[Source data]

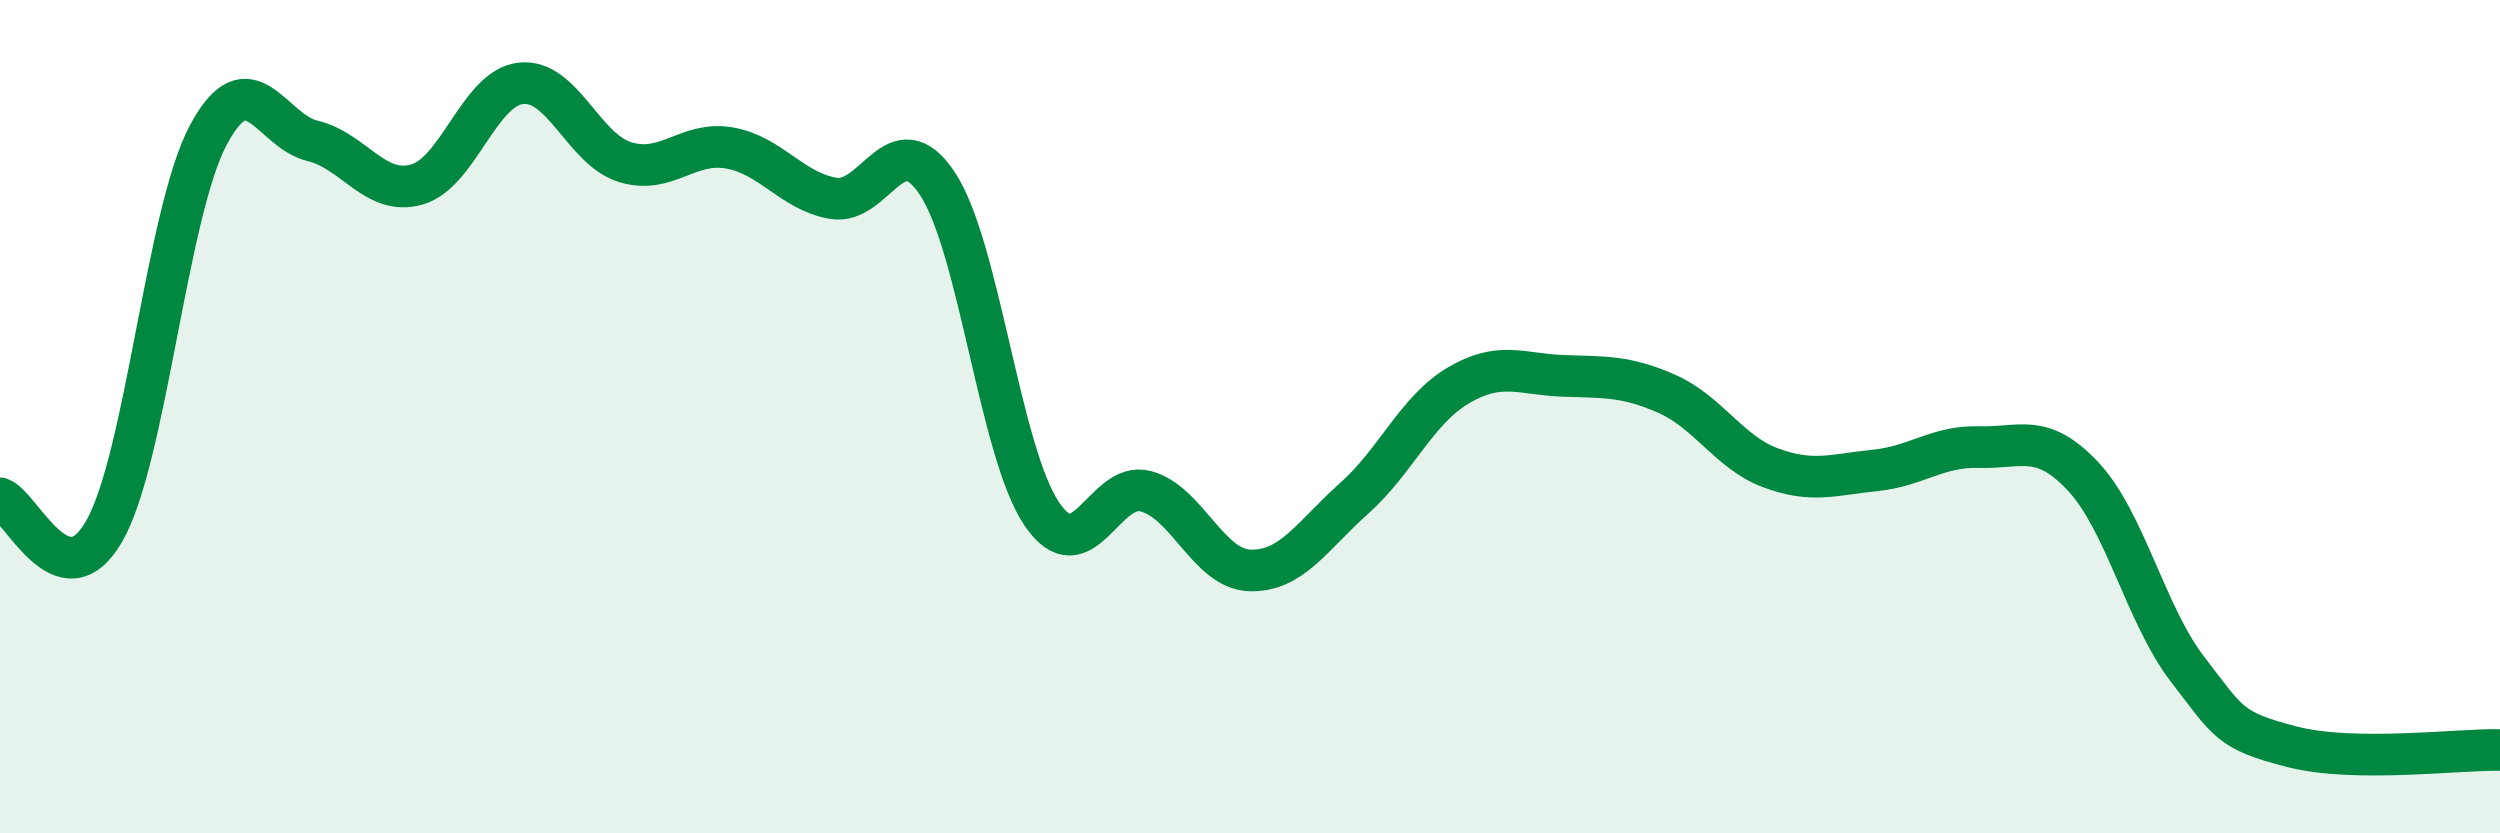 
    <svg width="60" height="20" viewBox="0 0 60 20" xmlns="http://www.w3.org/2000/svg">
      <path
        d="M 0,11.96 C 0.5,12.12 1.5,14.49 2.5,12.75 C 3.5,11.01 4,5.11 5,3.24 C 6,1.37 6.5,3.14 7.5,3.38 C 8.5,3.62 9,4.71 10,4.43 C 11,4.15 11.5,2.11 12.5,2 C 13.5,1.89 14,3.58 15,3.89 C 16,4.2 16.5,3.38 17.5,3.55 C 18.5,3.72 19,4.59 20,4.76 C 21,4.93 21.5,2.9 22.5,4.41 C 23.5,5.92 24,10.85 25,12.33 C 26,13.81 26.5,11.52 27.5,11.79 C 28.5,12.06 29,13.66 30,13.69 C 31,13.72 31.5,12.85 32.5,11.96 C 33.5,11.07 34,9.84 35,9.25 C 36,8.66 36.5,8.98 37.5,9.02 C 38.5,9.06 39,9.01 40,9.45 C 41,9.89 41.5,10.86 42.5,11.23 C 43.5,11.6 44,11.39 45,11.29 C 46,11.19 46.5,10.7 47.5,10.73 C 48.5,10.76 49,10.37 50,11.44 C 51,12.51 51.5,14.76 52.5,16.06 C 53.5,17.36 53.5,17.53 55,17.92 C 56.5,18.31 59,17.98 60,18L60 20L0 20Z"
        fill="#008740"
        opacity="0.1"
        stroke-linecap="round"
        stroke-linejoin="round"
      />
      <path
        d="M 0,11.96 C 0.5,12.12 1.5,14.49 2.5,12.75 C 3.5,11.01 4,5.11 5,3.24 C 6,1.37 6.5,3.14 7.5,3.38 C 8.5,3.62 9,4.71 10,4.43 C 11,4.15 11.5,2.11 12.5,2 C 13.5,1.89 14,3.58 15,3.89 C 16,4.2 16.5,3.38 17.5,3.55 C 18.5,3.72 19,4.59 20,4.76 C 21,4.93 21.5,2.9 22.5,4.41 C 23.5,5.92 24,10.85 25,12.33 C 26,13.81 26.5,11.52 27.5,11.79 C 28.5,12.06 29,13.66 30,13.69 C 31,13.72 31.5,12.85 32.5,11.96 C 33.5,11.07 34,9.84 35,9.25 C 36,8.66 36.5,8.98 37.5,9.02 C 38.5,9.06 39,9.01 40,9.45 C 41,9.89 41.5,10.86 42.5,11.23 C 43.5,11.6 44,11.39 45,11.29 C 46,11.19 46.5,10.7 47.5,10.73 C 48.5,10.76 49,10.37 50,11.44 C 51,12.51 51.5,14.76 52.5,16.06 C 53.5,17.36 53.5,17.53 55,17.92 C 56.5,18.31 59,17.98 60,18"
        stroke="#008740"
        stroke-width="1"
        fill="none"
        stroke-linecap="round"
        stroke-linejoin="round"
      />
    </svg>
  
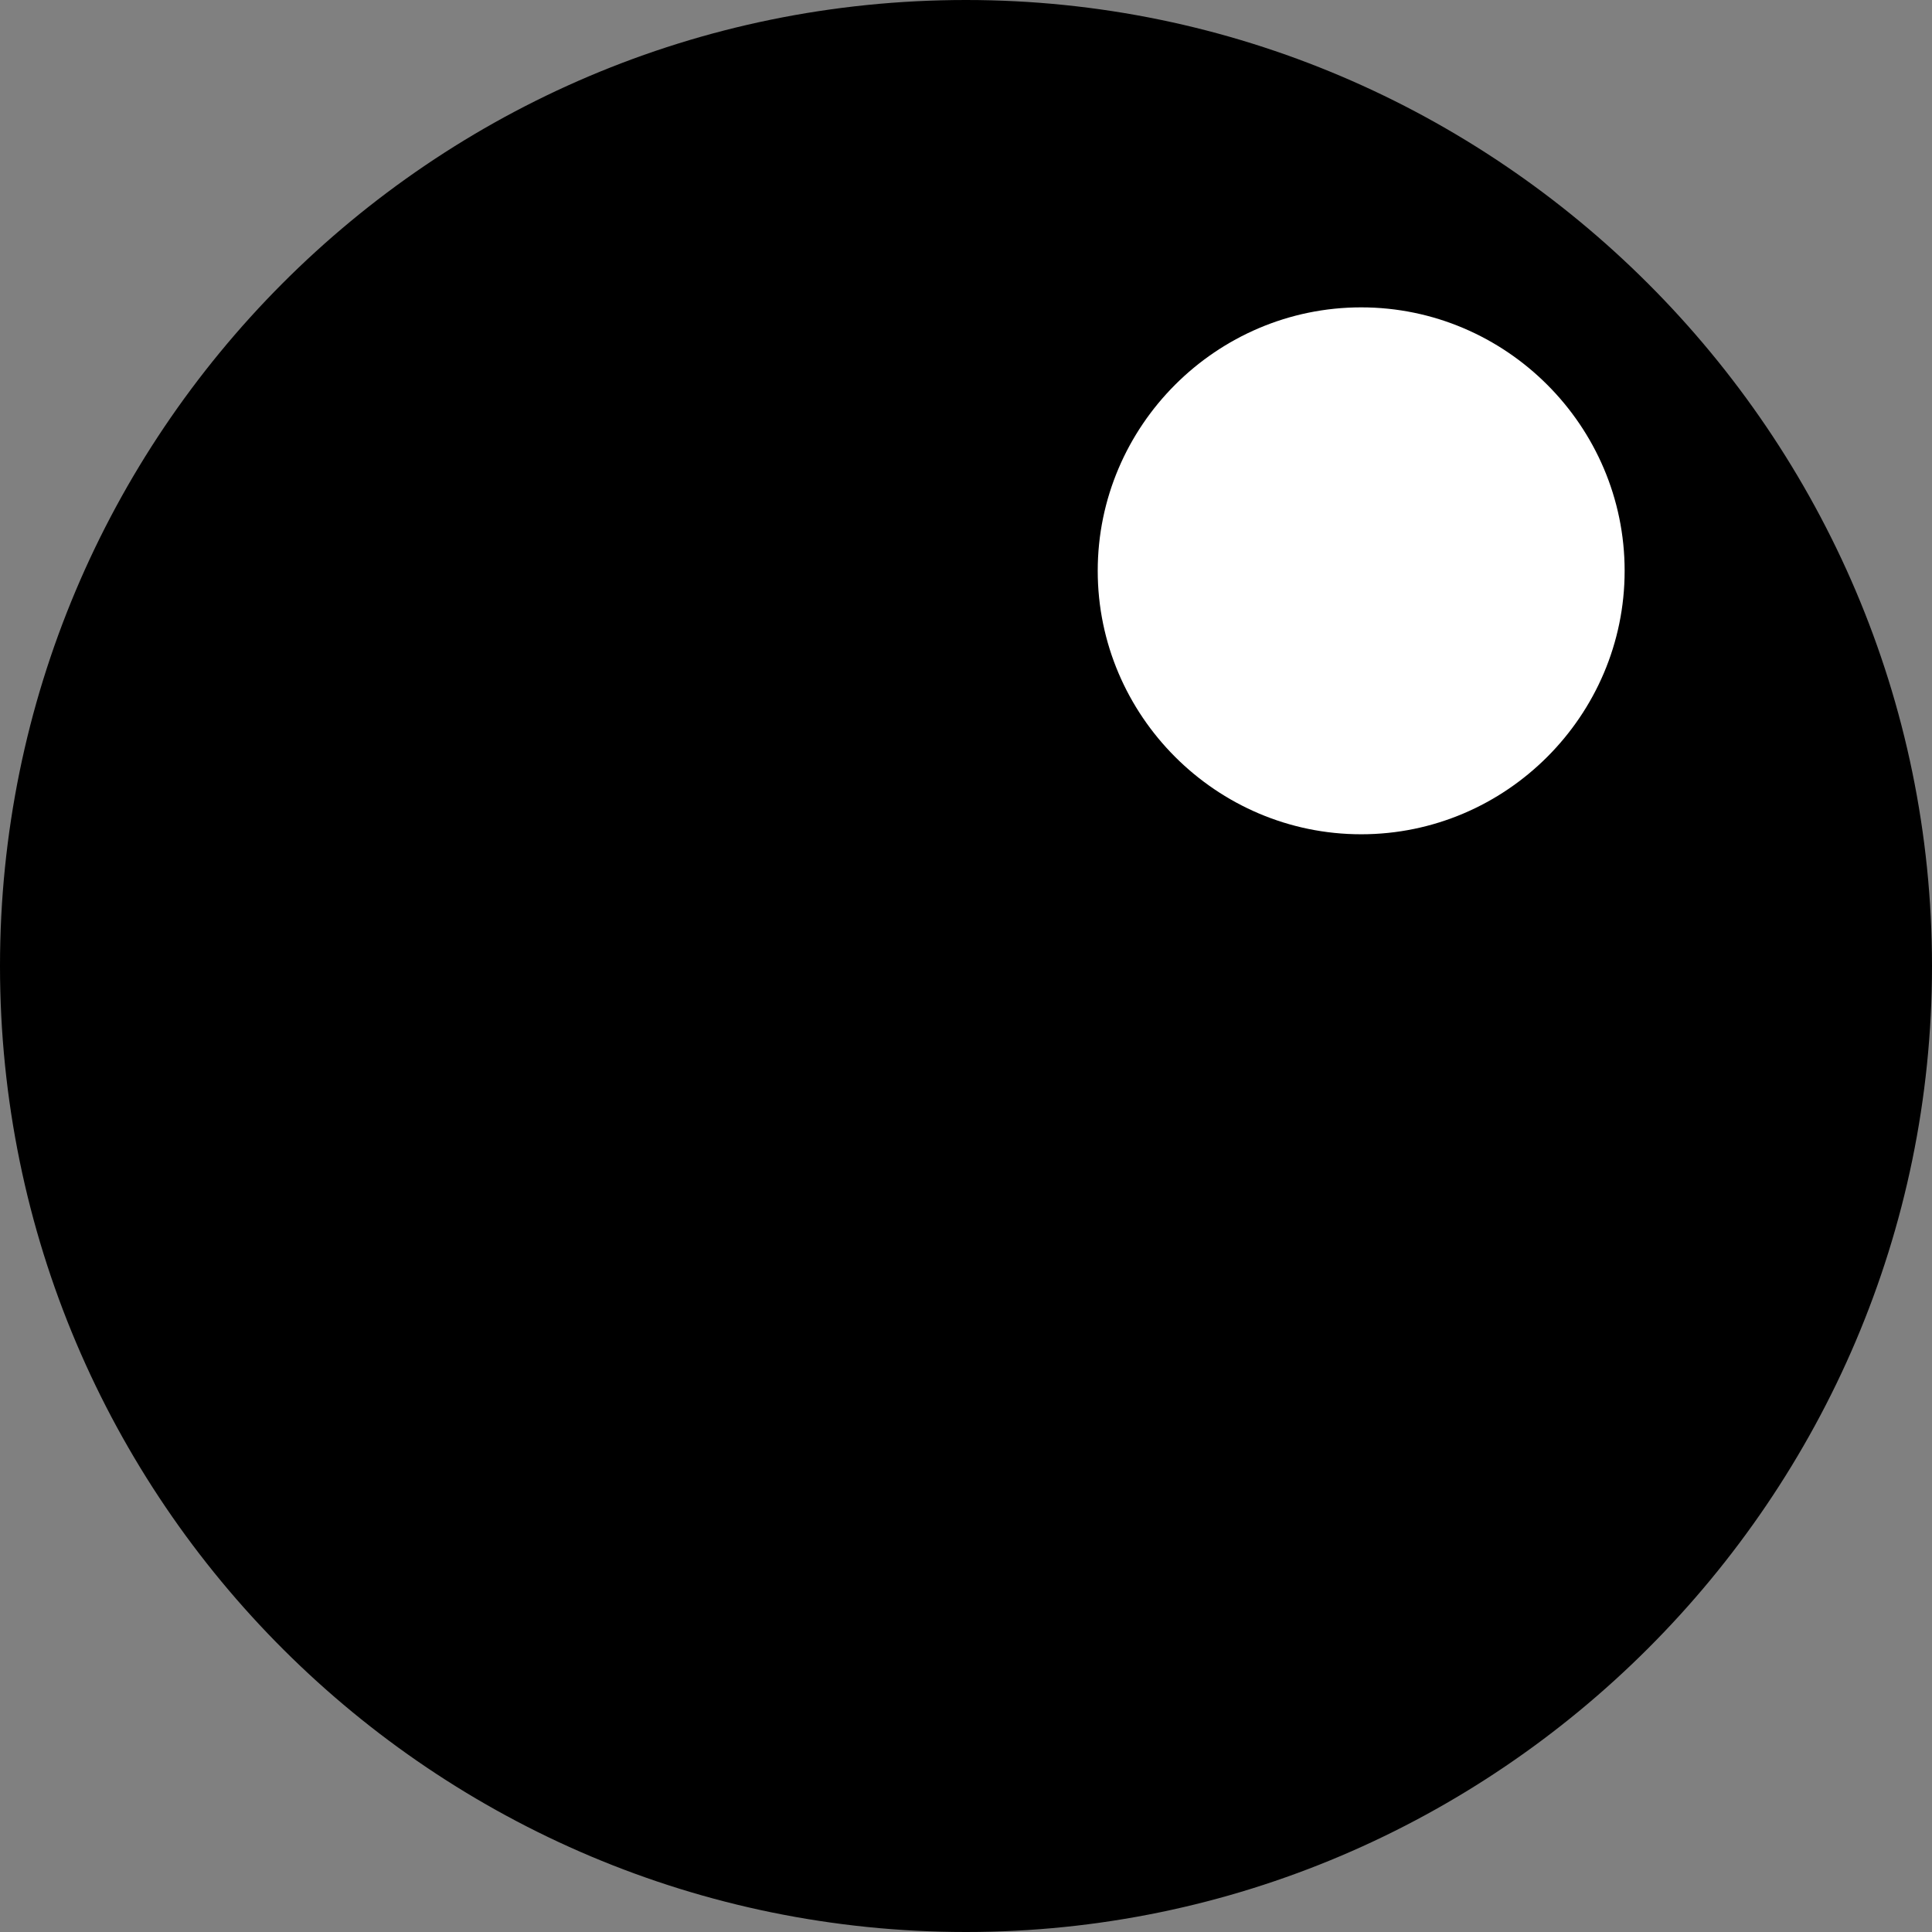 <?xml version="1.0" encoding="utf-8"?>
<!-- Generator: Adobe Illustrator 21.0.0, SVG Export Plug-In . SVG Version: 6.00 Build 0)  -->
<svg version="1.1" id="Vrstva_1" xmlns="http://www.w3.org/2000/svg" xmlns:xlink="http://www.w3.org/1999/xlink" x="0px" y="0px"
	 viewBox="0 0 44 44" style="enable-background:new 0 0 44 44;" xml:space="preserve">
<rect x="0" y="0" width="44" height="44" fill="#808080" stroke="none"/>
<style type="text/css">
	.st0{fill:#FFFFFF;}
</style>
<g>
	<path d="M0,22C0,9.9,9.8,0,22,0c12.1,0,22,9.9,22,22s-9.9,22-22,22S0,34.2,0,22"/>
</g>
<g>
	<path class="st0" d="M25,13c0,3.3,2.7,6,6,6s6-2.7,6-6s-2.7-6-6-6S25,9.7,25,13"/>
</g>
</svg>
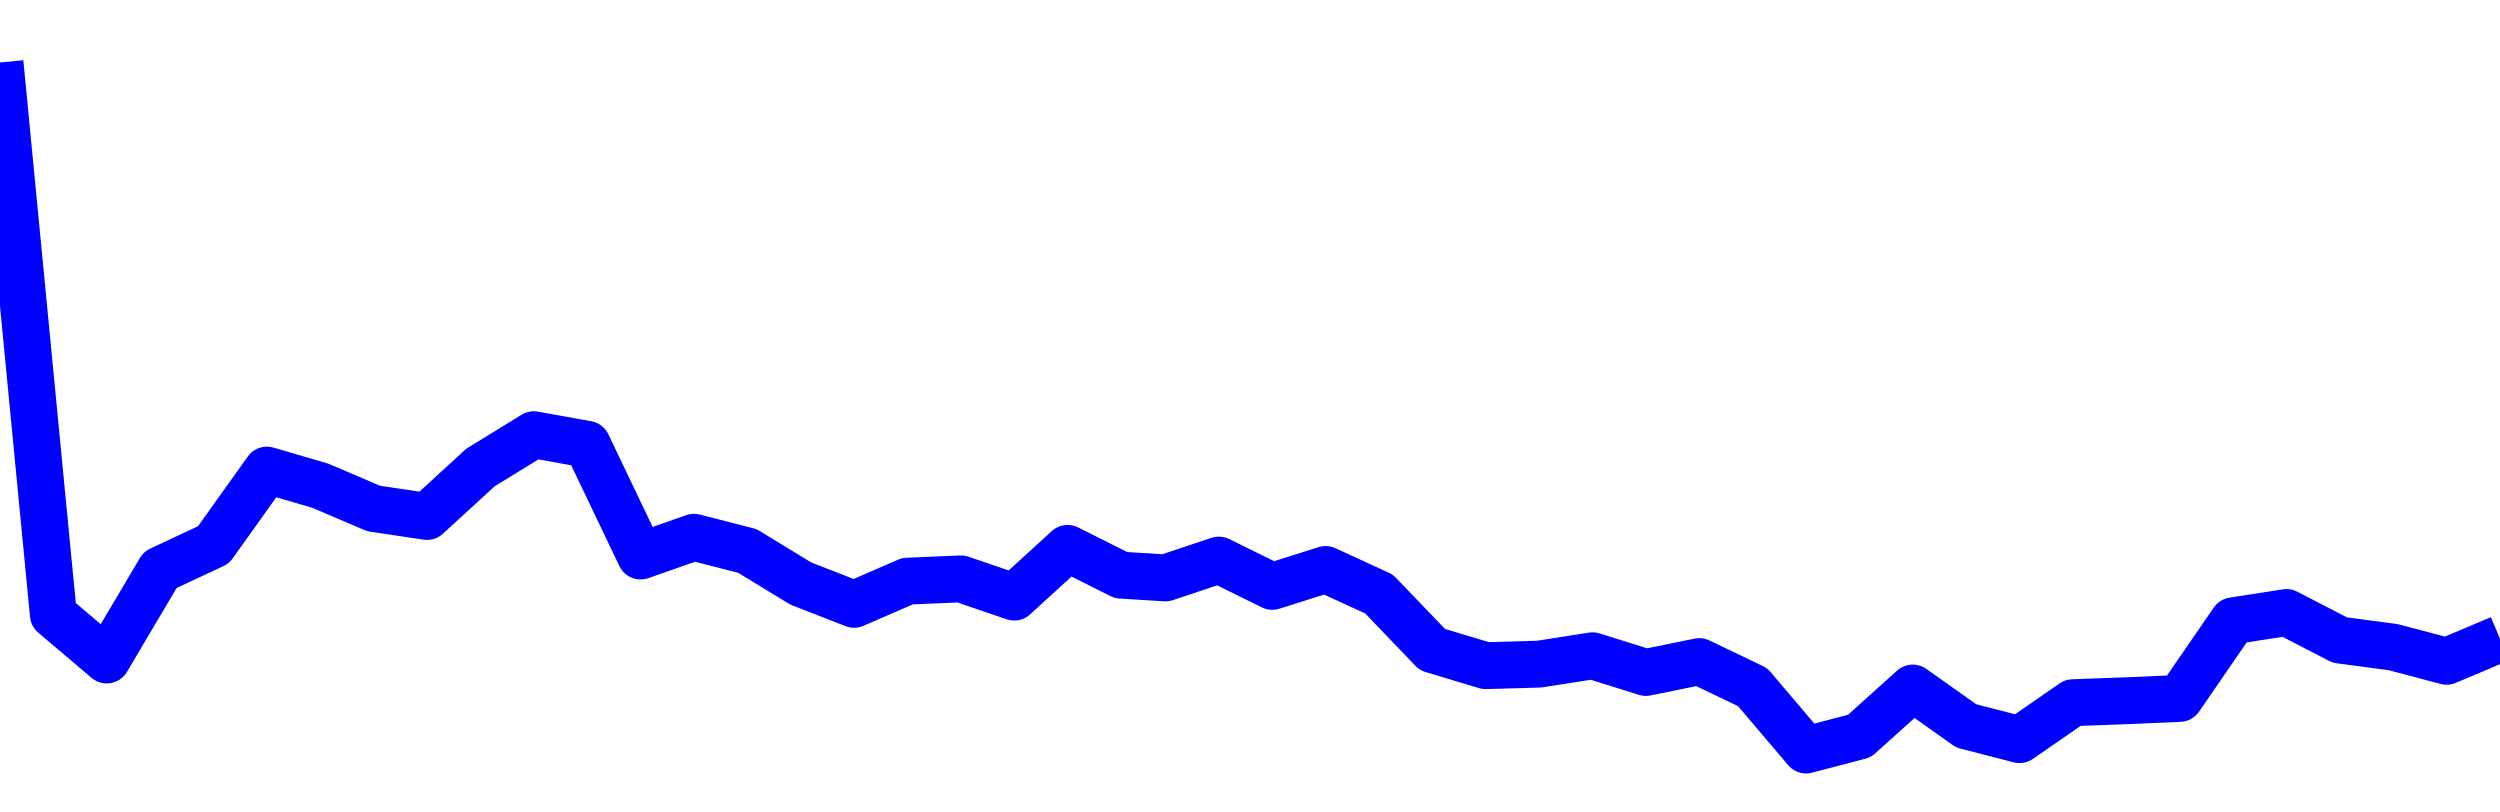 <svg xmlns="http://www.w3.org/2000/svg" fill="none" width="80" height="26"><polyline points="0,2 1.708,19.672 3.416,21.12 5.125,18.234 6.833,17.435 8.541,15.043 10.249,15.543 11.957,16.272 13.665,16.527 15.374,14.961 17.082,13.911 18.79,14.219 20.498,17.793 22.206,17.193 23.915,17.63 25.623,18.672 27.331,19.338 29.039,18.597 30.747,18.524 32.456,19.107 34.164,17.548 35.872,18.405 37.295,18.493 39.004,17.922 40.712,18.764 42.42,18.224 44.128,19.008 45.836,20.788 47.544,21.301 49.253,21.252 50.961,20.985 52.669,21.519 54.377,21.171 56.085,21.989 57.794,24 59.502,23.553 61.21,22.017 62.918,23.228 64.626,23.668 66.335,22.486 68.043,22.424 69.751,22.349 71.459,19.866 73.167,19.6 74.875,20.482 76.584,20.709 78.292,21.161 80,20.441 " stroke-linejoin="round" style="fill: transparent; stroke:blue; stroke-width:1.5" /></svg>

# EXERCISE DIRECTIONS
Which lines above include the word "path"? Show each one.

# PROBLEM SOLUTION
      <path
      <path
	<path d="M0,22C0,9.9,9.8,0,22,0c12.1,0,22,9.9,22,22s-9.9,22-22,22S0,34.2,0,22"/>
	<path class="st0" d="M25,13c0,3.3,2.7,6,6,6s6-2.7,6-6s-2.7-6-6-6S25,9.7,25,13"/>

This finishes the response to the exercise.